Supplied data Block Start

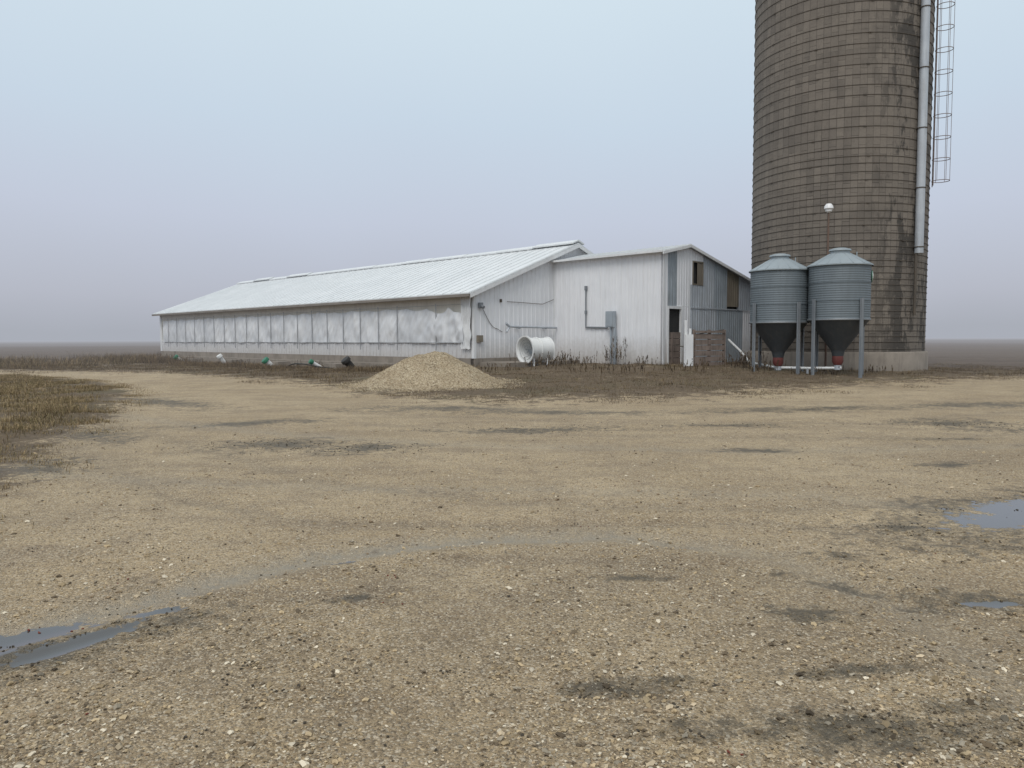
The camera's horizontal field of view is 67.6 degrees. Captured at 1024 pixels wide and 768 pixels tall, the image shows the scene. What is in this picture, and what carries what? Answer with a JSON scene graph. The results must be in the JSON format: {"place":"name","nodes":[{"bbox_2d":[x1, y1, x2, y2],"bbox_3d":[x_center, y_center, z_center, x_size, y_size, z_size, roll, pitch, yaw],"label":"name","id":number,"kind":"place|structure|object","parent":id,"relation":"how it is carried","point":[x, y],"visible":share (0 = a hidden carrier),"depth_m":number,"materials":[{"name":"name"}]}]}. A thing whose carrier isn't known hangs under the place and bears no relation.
{"place":"outdoors","nodes":[
{"label":"outdoors","id":0,"kind":"place"},
{"bbox_2d":[0,338,1023,767],"bbox_3d":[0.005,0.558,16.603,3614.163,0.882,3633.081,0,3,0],"label":"ground","id":1,"kind":"structure","parent":0,"point":[470,620],"depth_m":5.58,"materials":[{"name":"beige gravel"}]},
{"bbox_2d":[0,373,160,534],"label":"dead grass","id":2,"kind":"structure","parent":1,"relation":"on","point":[45,406],"depth_m":17.81,"materials":[{"name":"brown plant"}]},
{"bbox_2d":[216,354,225,361],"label":"pump out pipe","id":3,"kind":"object","parent":1,"relation":"on","point":[220,358],"visible":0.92,"depth_m":48.11,"materials":[{"name":"white plastic"}]},
{"bbox_2d":[262,357,272,364],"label":"pump out pipe","id":4,"kind":"object","parent":1,"relation":"on","point":[265,360],"visible":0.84,"depth_m":43.64,"materials":[{"name":"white plastic"}]},
{"bbox_2d":[283,363,331,368],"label":"drain hose","id":5,"kind":"object","parent":1,"relation":"on","point":[307,364],"visible":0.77,"depth_m":40.14,"materials":[{"name":"black rubber"}]},
{"bbox_2d":[308,359,322,367],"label":"pump out pipe","id":6,"kind":"object","parent":1,"relation":"on","point":[311,362],"visible":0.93,"depth_m":40.20,"materials":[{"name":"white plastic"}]},
{"bbox_2d":[341,356,355,367],"bbox_3d":[-8.072,-0.961,37.979,0.824,0.857,0.493,-3,4,-35],"label":"pump out pipe","id":7,"kind":"object","parent":1,"relation":"on","point":[346,361],"visible":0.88,"depth_m":37.78,"materials":[{"name":"grey plastic"}]},
{"bbox_2d":[152,240,593,368],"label":"hog barn","id":8,"kind":"structure","parent":1,"relation":"on","point":[483,309],"depth_m":40.37,"materials":[{"name":"metal"}]},
{"bbox_2d":[335,351,526,392],"bbox_3d":[-2.657,-0.475,25.417,6.400,1.234,6.400,0,3,0],"label":"gravel pile","id":9,"kind":"object","parent":1,"relation":"on","point":[433,370],"visible":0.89,"depth_m":24.20,"materials":[{"name":"gravel"}]},
{"bbox_2d":[473,363,531,371],"bbox_3d":[-0.682,-0.650,30.669,2.530,0.466,1.770,-2,4,-24],"label":"dry weed plant","id":10,"kind":"object","parent":1,"relation":"on","point":[501,366],"visible":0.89,"depth_m":30.79,"materials":[{"name":"brown plant"}]},
{"bbox_2d":[0,351,1023,404],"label":"dead weeds","id":11,"kind":"object","parent":1,"relation":"on","point":[121,360],"visible":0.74,"depth_m":33.67,"materials":[{"name":"brown plant"}]},
{"bbox_2d":[516,336,554,366],"bbox_3d":[1.077,-1.447,34.118,1.337,1.426,1.260,-3,4,-37],"label":"exhaust fan","id":12,"kind":"object","parent":1,"relation":"on","point":[528,347],"visible":0.9,"depth_m":33.98,"materials":[{"name":"white plastic"}]},
{"bbox_2d":[523,357,583,367],"bbox_3d":[1.503,-0.912,32.374,2.973,0.514,2.091,1,4,16],"label":"dry weed plant","id":13,"kind":"object","parent":1,"relation":"on","point":[551,362],"visible":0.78,"depth_m":32.49,"materials":[{"name":"brown plant"}]},
{"bbox_2d":[509,350,597,369],"bbox_3d":[1.766,-0.995,31.444,3.911,0.808,1.964,0,3,0],"label":"dry weed plant","id":14,"kind":"object","parent":1,"relation":"on","point":[540,362],"visible":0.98,"depth_m":31.37,"materials":[{"name":"brown plant"}]},
{"bbox_2d":[551,349,576,360],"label":"dry weed plant","id":15,"kind":"object","parent":1,"relation":"on","point":[559,357],"visible":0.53,"depth_m":36.18,"materials":[{"name":"brown plant"}]},
{"bbox_2d":[569,356,594,363],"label":"dry weed plant","id":16,"kind":"object","parent":1,"relation":"on","point":[576,361],"visible":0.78,"depth_m":35.02,"materials":[{"name":"brown plant"}]},
{"bbox_2d":[555,361,641,375],"bbox_3d":[3.664,-0.632,29.822,3.552,0.526,2.849,-2,4,-25],"label":"dry weed plant","id":17,"kind":"object","parent":1,"relation":"on","point":[607,368],"visible":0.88,"depth_m":29.77,"materials":[{"name":"brown plant"}]},
{"bbox_2d":[603,335,626,364],"bbox_3d":[4.555,-1.498,34.006,1.342,1.437,1.416,0,3,0],"label":"dry weed plant","id":18,"kind":"object","parent":1,"relation":"on","point":[607,354],"visible":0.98,"depth_m":34.02,"materials":[{"name":"brown plant"}]},
{"bbox_2d":[636,355,655,364],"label":"dry weed plant","id":19,"kind":"object","parent":1,"relation":"on","point":[646,358],"visible":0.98,"depth_m":33.16,"materials":[{"name":"brown plant"}]},
{"bbox_2d":[550,244,750,364],"bbox_3d":[7.184,-3.380,38.007,8.680,6.192,6.560,-4,5,-45],"label":"barn annex","id":20,"kind":"object","parent":1,"relation":"on","point":[646,302],"visible":0.84,"depth_m":35.04,"materials":[{"name":"metal"}]},
{"bbox_2d":[669,332,679,363],"bbox_3d":[7.156,-1.580,33.747,0.929,1.405,0.060,-4,5,-45],"label":"half door","id":21,"kind":"structure","parent":20,"relation":"in","point":[673,356],"depth_m":33.73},
{"bbox_2d":[692,261,703,285],"bbox_3d":[8.461,-5.045,34.865,0.900,1.080,0.060,-4,5,-45],"label":"window frame","id":22,"kind":"structure","parent":20,"relation":"in","point":[700,267],"depth_m":34.94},
{"bbox_2d":[634,361,707,372],"bbox_3d":[6.259,-0.628,29.447,3.565,0.452,1.884,-2,4,-23],"label":"dry weed plant","id":23,"kind":"object","parent":1,"relation":"on","point":[696,369],"visible":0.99,"depth_m":29.31,"materials":[{"name":"brown plant"}]},
{"bbox_2d":[674,320,725,366],"bbox_3d":[8.554,-1.632,33.317,3.342,2.250,1.356,-2,4,-31],"label":"wooden loading pen","id":24,"kind":"object","parent":1,"relation":"on","point":[692,345],"visible":0.79,"depth_m":32.49,"materials":[{"name":"wood"}]},
{"bbox_2d":[687,358,751,367],"bbox_3d":[8.501,-0.869,31.616,2.685,0.494,1.296,0,3,6],"label":"dry weed plant","id":25,"kind":"object","parent":1,"relation":"on","point":[708,362],"visible":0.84,"depth_m":31.34,"materials":[{"name":"brown plant"}]},
{"bbox_2d":[719,350,766,367],"bbox_3d":[9.528,-1.026,31.466,2.155,0.830,1.837,0,3,0],"label":"dry weed plant","id":26,"kind":"object","parent":1,"relation":"on","point":[746,361],"visible":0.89,"depth_m":31.47,"materials":[{"name":"brown plant"}]},
{"bbox_2d":[743,359,785,370],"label":"dry weed plant","id":27,"kind":"object","parent":1,"relation":"on","point":[768,368],"visible":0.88,"depth_m":29.86,"materials":[{"name":"brown plant"}]},
{"bbox_2d":[749,253,808,373],"bbox_3d":[10.498,-2.539,30.102,2.317,5.130,2.317,1,4,20],"label":"feed bin","id":28,"kind":"object","parent":1,"relation":"on","point":[778,322],"visible":0.9,"depth_m":29.27,"materials":[{"name":"grey metal"}]},
{"bbox_2d":[728,339,841,373],"bbox_3d":[10.625,-1.191,32.515,1.720,1.451,8.041,-1,4,-15],"label":"feed auger pipe","id":29,"kind":"object","parent":1,"relation":"on","point":[835,367],"visible":0.77,"depth_m":29.92,"materials":[{"name":"white plastic"}]},
{"bbox_2d":[791,366,838,374],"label":"dry weed plant","id":30,"kind":"object","parent":1,"relation":"on","point":[818,371],"visible":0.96,"depth_m":28.71,"materials":[{"name":"brown plant"}]},
{"bbox_2d":[824,203,833,369],"bbox_3d":[12.674,-3.649,30.788,0.360,7.150,0.360,0,3,0],"label":"yard lamp","id":31,"kind":"object","parent":1,"relation":"on","point":[828,207],"visible":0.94,"depth_m":30.63,"materials":[{"name":"white metal"}]},
{"bbox_2d":[807,247,873,377],"bbox_3d":[12.337,-2.554,28.899,2.317,5.130,2.317,2,4,36],"label":"feed bin","id":32,"kind":"object","parent":1,"relation":"on","point":[840,280],"visible":0.98,"depth_m":28.08,"materials":[{"name":"grey metal"}]},
{"bbox_2d":[747,0,954,370],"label":"concrete stave silo","id":33,"kind":"object","parent":1,"relation":"on","point":[842,108],"visible":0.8,"depth_m":31.33,"materials":[{"name":"concrete"}]},
{"bbox_2d":[840,365,892,372],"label":"dry weed plant","id":34,"kind":"object","parent":1,"relation":"on","point":[869,369],"visible":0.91,"depth_m":30.18,"materials":[{"name":"brown plant"}]},
{"bbox_2d":[0,0,1023,340],"label":"sky","id":35,"kind":"structure","parent":0,"point":[156,155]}
]}

Supplied data Block End

To do:
Return every line in the records that includes the string "outdoors".

Solution for this exercise:
{"place":"outdoors","nodes":[
{"label":"outdoors","id":0,"kind":"place"},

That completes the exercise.